Retrieving distributions for multiple-choice questions from LLMs involves obtaining not only the final answer but also the probabilities associated with each option. While it is nontrivial to extract an answer or a probability because of the auto-regressive nature of text generation by LLMs, Robinson et al. [21] demonstrated that a multiple-choice prompt can lead to a higher probability of generating option symbols as the next token, especially with one or few-shot settings. Unlike a traditional cloze prompt, which selects the option with the highest sequence's probability without giving other options, a multiple-choice prompt provides all options simultaneously and selects the one with the highest probability for the option symbols. However, even in this setting, it has been reported that LLMs respond less robustly to certain prompts [22,23]. Utilizing this vulnerability, Santurkar et al. [10] suggested that LLMs can change the distributions of attitude options towards controversial social topics, when given prompts that mimic the behavior of a human group with specific attributes. LLMs' behaviour will also change when given a degree of certainty like "Perhaps it's" [24]. This change was observed in response to context-free open-ended questions, highlighting an opportunity for extended research in multiple-choice RC tests.

Experimental Setup

The primary objective of this work is to investigate whether LLMs can mimic the responses of language learners in solving multiple-choice RC tests. In this section, we outline our experimental setup, utilizing the CMCQRD dataset [12], which includes responses from at least 100 language learners per question, providing information about answer probability distributions. Our analysis compares the next-token probability on each option by LLMs with the choice patterns of language learners, aiming to understand the extent of LLMs' capability in emulating learner-like understanding in RC tasks.

Assuming that up-to-date LLMs outperform average language learners, degrading these models is needed to bring their output distributions closer to those of language learners. We employ several methods to weaken the LLM performance and compare the results to the language learners. Dataset The CMCQRD dataset consists of 4-choice English RC tests, labeled with difficulty levels ranging from CEFR B1 to C2. A subset of CMCQRD includes responses from non-native English speakers whose proficiency aligns with the difficulty label [12,13]. We refer to this set of responses as the human distribution.

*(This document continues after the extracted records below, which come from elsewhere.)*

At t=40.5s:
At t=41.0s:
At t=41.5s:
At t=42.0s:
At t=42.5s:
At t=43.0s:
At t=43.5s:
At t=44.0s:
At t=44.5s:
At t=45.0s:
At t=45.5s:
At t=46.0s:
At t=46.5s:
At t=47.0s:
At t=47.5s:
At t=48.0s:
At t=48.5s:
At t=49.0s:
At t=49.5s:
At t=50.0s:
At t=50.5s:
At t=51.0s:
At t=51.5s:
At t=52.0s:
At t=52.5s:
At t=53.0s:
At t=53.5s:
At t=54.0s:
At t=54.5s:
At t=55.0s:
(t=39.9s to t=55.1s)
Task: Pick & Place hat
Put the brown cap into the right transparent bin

Table 1 shows the statistics of the CMCQRD dataset. The average accuracies of language learners are around 60%, while the accuracies of their mode selections are around 90%. In this experiment, we exclusively use questions at levels B1 and B2 with a human distribution, corresponding to intermediate levels of proficiency. Our focus on these levels is driven by our aim to assess the ability of LLMs to reproduce the challenges faced by language learners who are not fully proficient in reading comprehension.

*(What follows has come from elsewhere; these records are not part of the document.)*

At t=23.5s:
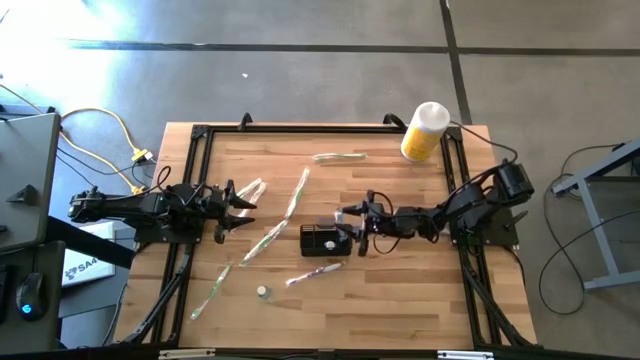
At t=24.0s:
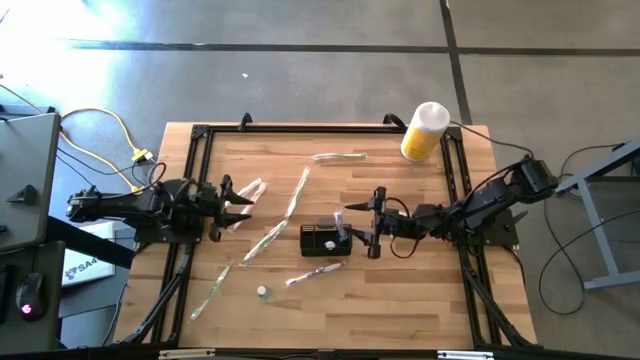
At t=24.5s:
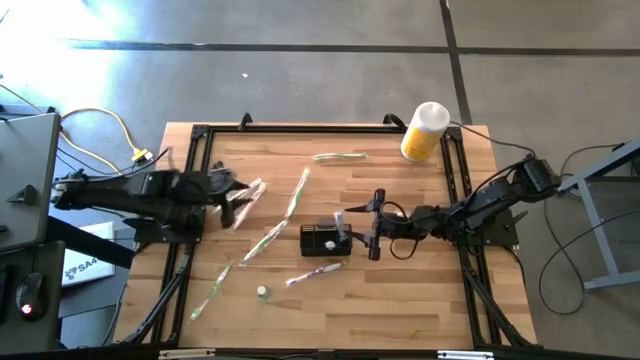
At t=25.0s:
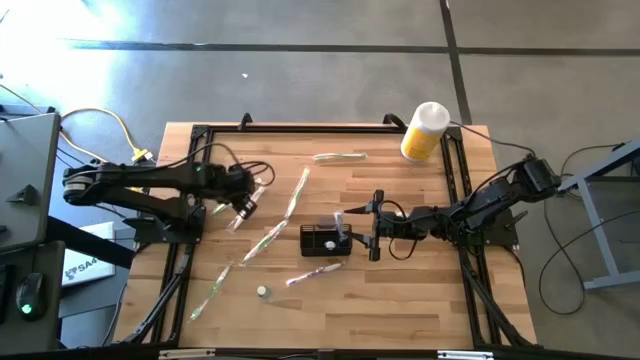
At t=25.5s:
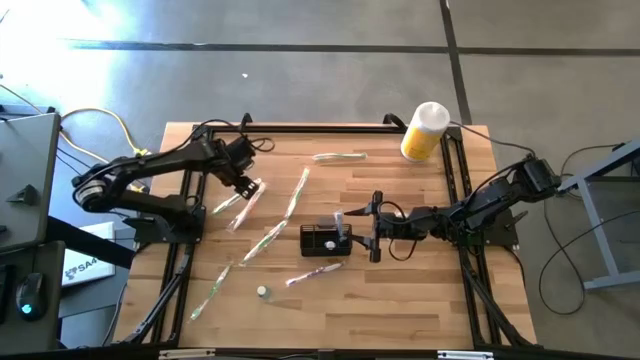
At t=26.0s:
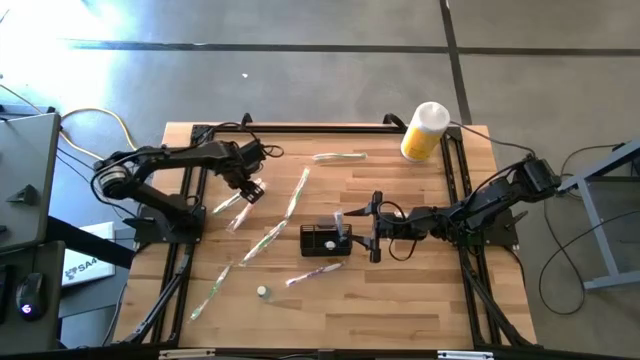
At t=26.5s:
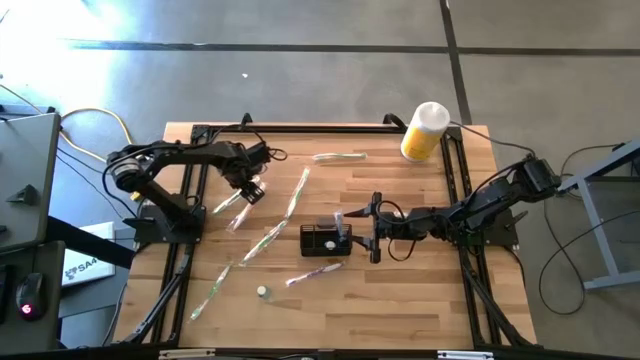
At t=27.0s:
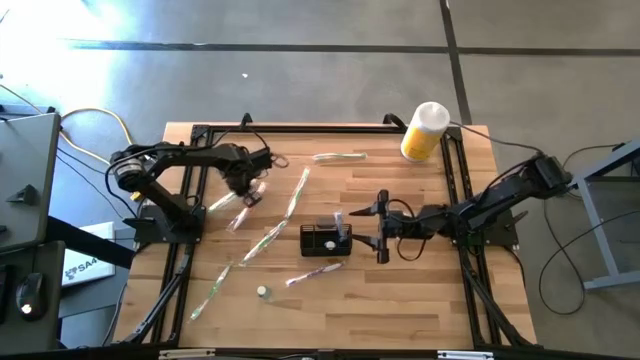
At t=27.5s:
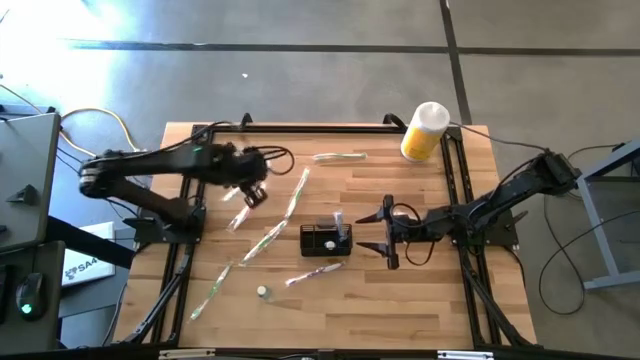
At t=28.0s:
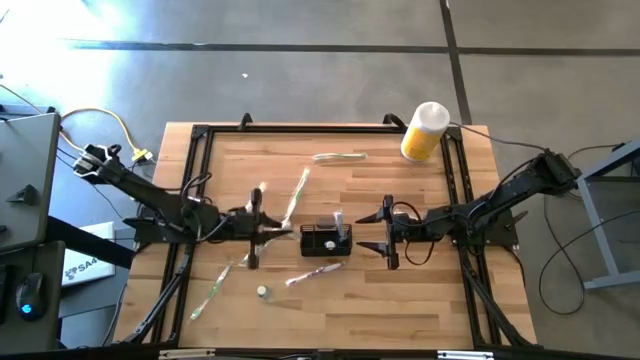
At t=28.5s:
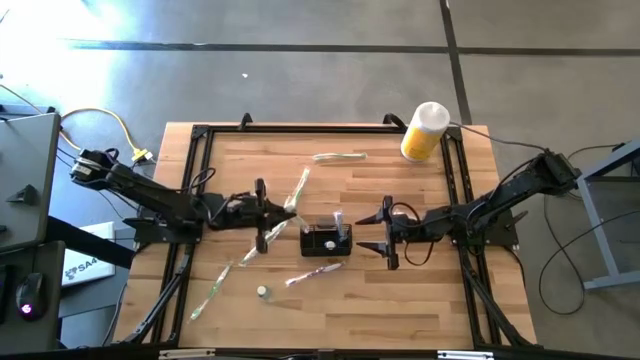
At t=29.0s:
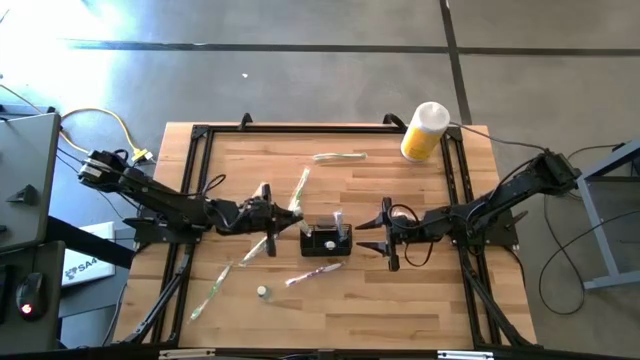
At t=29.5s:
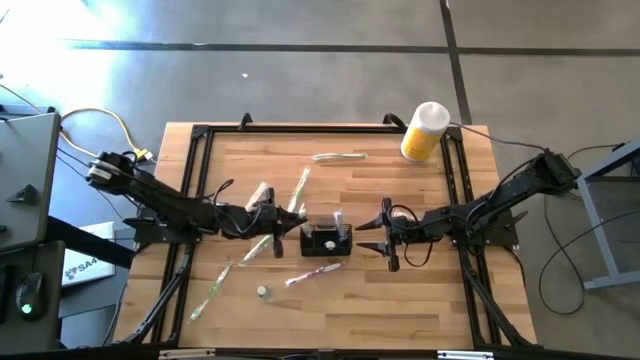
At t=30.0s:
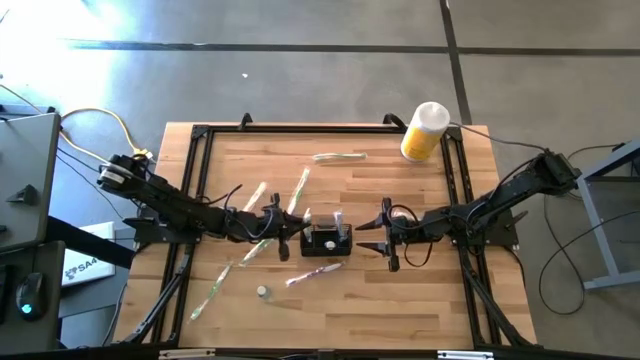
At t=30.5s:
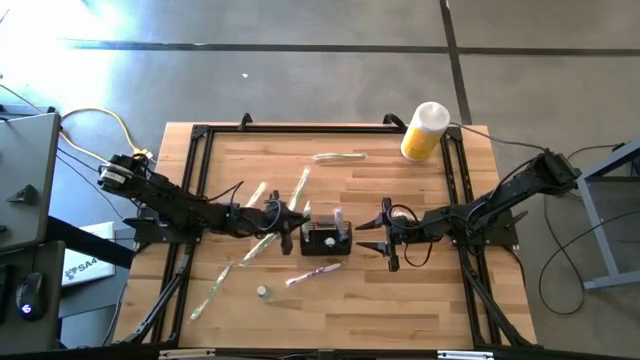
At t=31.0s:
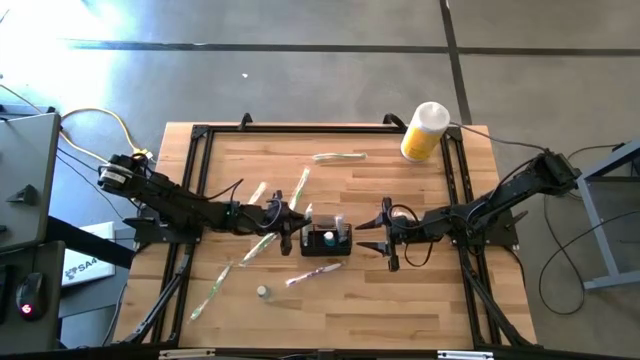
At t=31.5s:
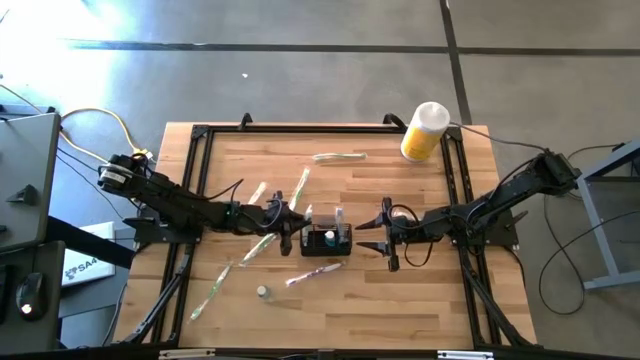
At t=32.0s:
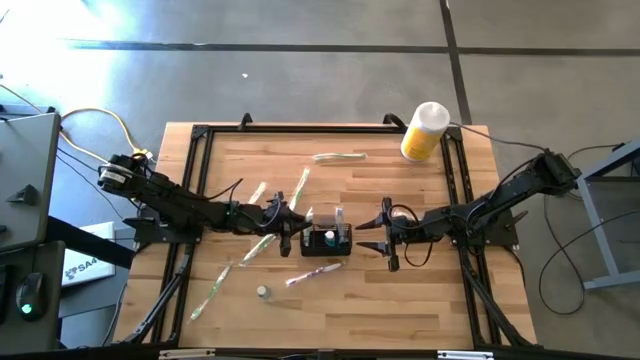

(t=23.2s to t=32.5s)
Task: Pick & Place toothbrushing station
Put the green toothbrush into the black wire organizer

LLM Settings Since the outputs of LLMs are autoregressive and free-form, some techniques are required to increase the likelihood of desired tokens in subsequent outputs. To this end, we employ a multiple-choice prompting approach for RC, as described in Robinson et al. [21]. This approach provides LLMs with a single natural language prompt that concatenates the context, a question, options, and an option-symbol-prompting word, such as "Answer:". We take advantage of the nexttoken probabilities to the distribution by LLM. The logits of next tokens associated with option symbols, {A, B, C, D} on 4-choice tests, are normalized using softmax. We adopt GPT-4o1 and LLaMa-2-70B [25] with oneshot prompting. We run LLaMa-2-70B using the Hugging-Face library with 4-bit quantization. 2 The temperature parameter is set to 1.0 for both models.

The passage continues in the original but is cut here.